The actual hard problem is that offensive and defensive use cases are inseparable. The same capability that lets Mythos find a 27-year-old OpenBSD vulnerability is the capability that lets it find vulnerabilities in systems that haven’t been patched yet. You can’t give defenders access to the finding capability without also giving them access to the exploitation capability. The model doesn’t know which side you’re on.
What a real framework would need: verified organizational identity, auditable use logs, clear rules about what outputs can be shared and with whom, and some mechanism for revoking access when those rules get violated. The unauthorized Discord group with Mythos access is evidence that the current informal system isn’t working. The broader questions about what Mythos is and how it fits into Anthropic’s model lineup are worth understanding before the formal policy debate catches up to the technical reality.
The AISI results aren’t a reason to panic. They’re a reason to build the framework before the capability is everywhere — which, if Abal’s 6-to-18-month estimate is right, is not a lot of time.
For AI builders thinking about where this lands practically: the models doing the work in production security tooling today are not Mythos. They’re the models you can actually run at scale, chain into workflows, and audit. The Last Ones benchmark is a preview of what’s coming. The infrastructure question — who builds the tooling, who verifies the defenders, who holds the logs — is the one that actually needs answering now.
Tools like Remy approach a related problem in software development: instead of writing application code directly, you write a spec in annotated markdown and compile the full-stack app from it — backend, database, auth, deployment.
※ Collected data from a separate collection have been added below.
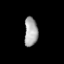
Tissue: lung
Cell type: Endothelial cells
Senescence score: 0.5421
Nuclear area (px): 384
Mean DAPI intensity: 165.279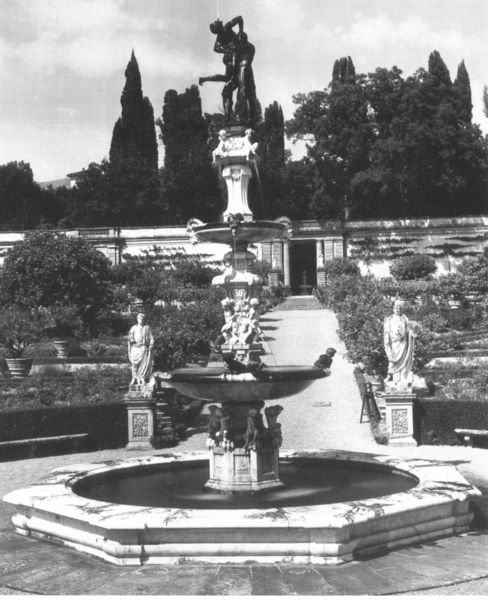
Titel: Herkules-Antäus Brunnen
Künstler: Pierino da Vinci
Standort: Florenz, Villa di Castello (EU - I - Toskana)
Schlagwörter: baum, himmel, nackt, wasser, wolken, bäume, frankreich, marmor, park, schloss, weg, barock, schale, sockel, teller, sonne, gewand, renaissance, brunnen, garten, skulptur, springbrunnen, statue, zypressen, blumentopf, terrasse, italien, hang, mauer, bank, figuren, plastik, foto, fotografie, zypresse, becken, schwarz weiss, raub, statuen, hanglage, fontäne, orangerie, herkules, wasserspeier, skultpur, gartenanlage, lustgarten, brunnenschale, bette, antaeus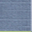
Piece: xx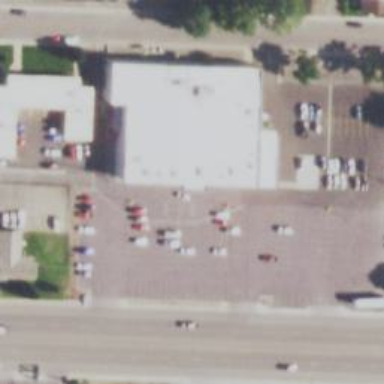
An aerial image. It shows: Supermarket.

The spec becomes the auditable source of truth. That kind of explicit, reviewable intent layer is exactly what’s missing from the current informal Mythos access regime, where the rules exist in someone’s head rather than in a document anyone can inspect.
The benchmark numbers are 3 out of 10 and 2 out of 10. The policy numbers are 50 organizations, 120 requested, 0 approved. The gap between those two sets of numbers is where the actual work needs to happen.